Exercise aim:
Copy task for the material below: print the line with "Modality: T2w" and every line after it to the end, exactly as written, without the pictures.

Available records:
Content starts

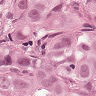
Metastatic tissue present: yes
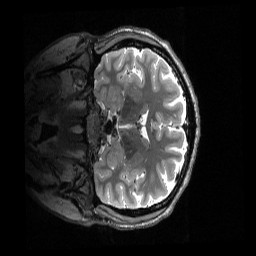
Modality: T2w
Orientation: coronal
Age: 40
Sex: male
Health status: ill
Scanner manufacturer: siemens
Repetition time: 3.2 s
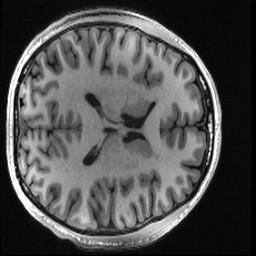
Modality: T1w
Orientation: axial
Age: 33
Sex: male
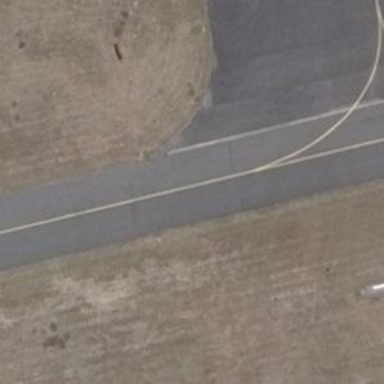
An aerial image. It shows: Taxiway edge illuminated for aviation.
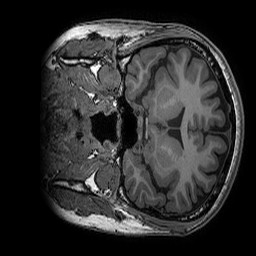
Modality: T1w
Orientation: coronal
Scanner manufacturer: ge
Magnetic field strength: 3 T
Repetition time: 0.008156 s
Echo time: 0.00318 s
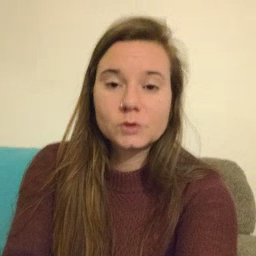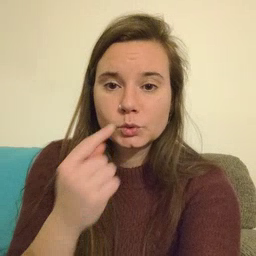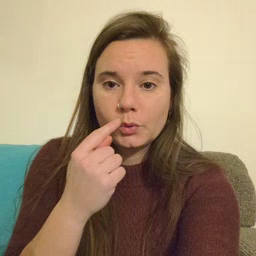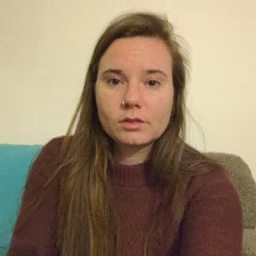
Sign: tooth
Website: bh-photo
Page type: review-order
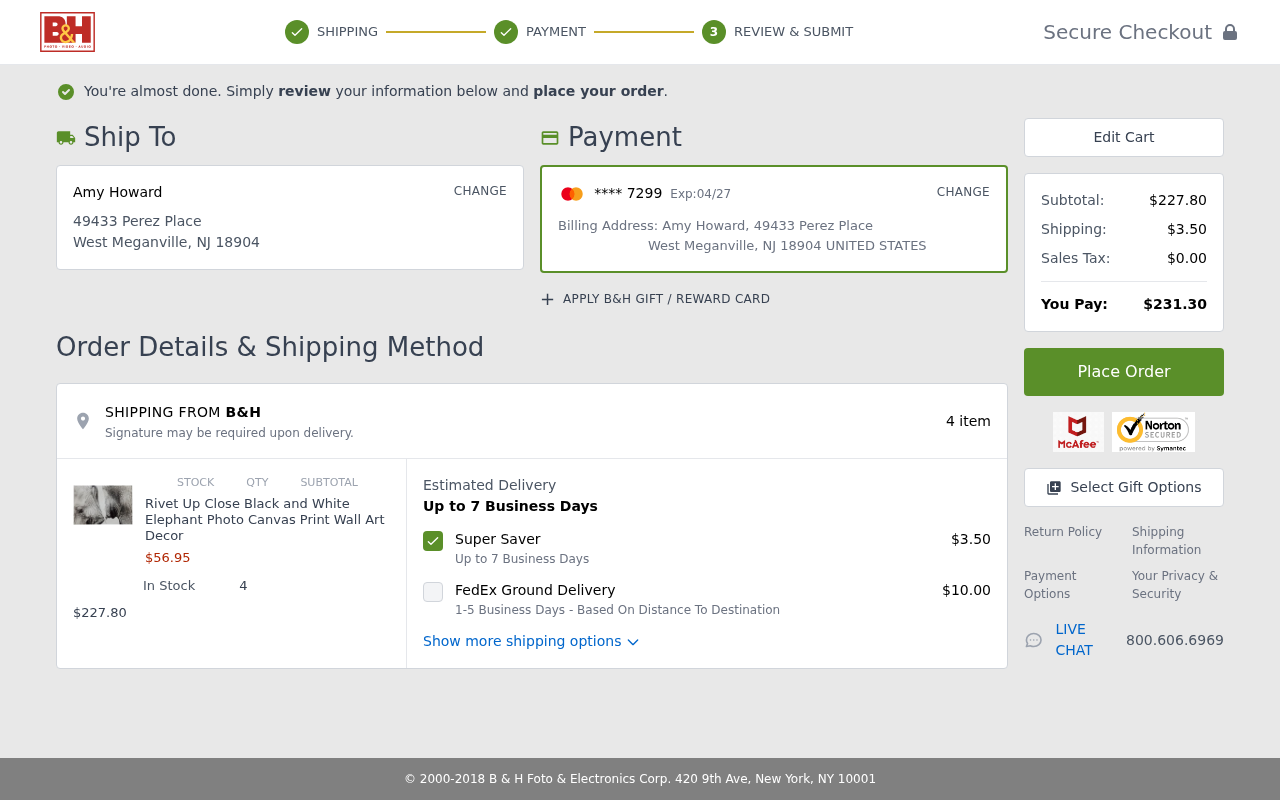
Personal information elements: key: PII_CARD_EXPIRY
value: Exp:04/27
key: PII_CARD_LAST4
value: **** 7299
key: PII_CITY_STATE_ZIP
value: West Meganville, NJ 18904
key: PII_COUNTRY
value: UNITED STATES
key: PII_FULLNAME
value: Amy Howard
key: PII_FULLNAME2
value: Amy Howard
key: PII_STREET
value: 49433 Perez Place
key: PII_STREET2
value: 49433 Perez Place
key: PII_CITY_STATE_ZIP2
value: West Meganville, NJ 18904
Product elements: key: PRODUCT1_NAME
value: Rivet Up Close Black and White Elephant Photo Canvas Print Wall Art Decor
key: PRODUCT1_PRICE
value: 56.95
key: PRODUCT1_QUANTITY
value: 4
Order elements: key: ORDER_NUM_ITEMS
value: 4 item
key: ORDER_SUBTOTAL
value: $227.80
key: ORDER_SHIPPING_COST
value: $3.50
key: ORDER_SHIPPING_ALT
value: $10.00
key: ORDER_SUBTOTAL2
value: $227.80
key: ORDER_SHIPPING_COST2
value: $3.50
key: ORDER_TAX
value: $0.00
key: ORDER_TOTAL
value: $231.30

Content ends

Response to the task:
Modality: T2w
Orientation: coronal
Age: 40
Sex: male
Health status: ill
Scanner manufacturer: siemens
Repetition time: 3.2 s
Modality: T1w
Orientation: axial
Age: 33
Sex: male
An aerial image. It shows: Taxiway edge illuminated for aviation.
Modality: T1w
Orientation: coronal
Scanner manufacturer: ge
Magnetic field strength: 3 T
Repetition time: 0.008156 s
Echo time: 0.00318 s
Sign: tooth
Website: bh-photo
Page type: review-order
Personal information elements: key: PII_CARD_EXPIRY
value: Exp:04/27
key: PII_CARD_LAST4
value: **** 7299
key: PII_CITY_STATE_ZIP
value: West Meganville, NJ 18904
key: PII_COUNTRY
value: UNITED STATES
key: PII_FULLNAME
value: Amy Howard
key: PII_FULLNAME2
value: Amy Howard
key: PII_STREET
value: 49433 Perez Place
key: PII_STREET2
value: 49433 Perez Place
key: PII_CITY_STATE_ZIP2
value: West Meganville, NJ 18904
Product elements: key: PRODUCT1_NAME
value: Rivet Up Close Black and White Elephant Photo Canvas Print Wall Art Decor
key: PRODUCT1_PRICE
value: 56.95
key: PRODUCT1_QUANTITY
value: 4
Order elements: key: ORDER_NUM_ITEMS
value: 4 item
key: ORDER_SUBTOTAL
value: $227.80
key: ORDER_SHIPPING_COST
value: $3.50
key: ORDER_SHIPPING_ALT
value: $10.00
key: ORDER_SUBTOTAL2
value: $227.80
key: ORDER_SHIPPING_COST2
value: $3.50
key: ORDER_TAX
value: $0.00
key: ORDER_TOTAL
value: $231.30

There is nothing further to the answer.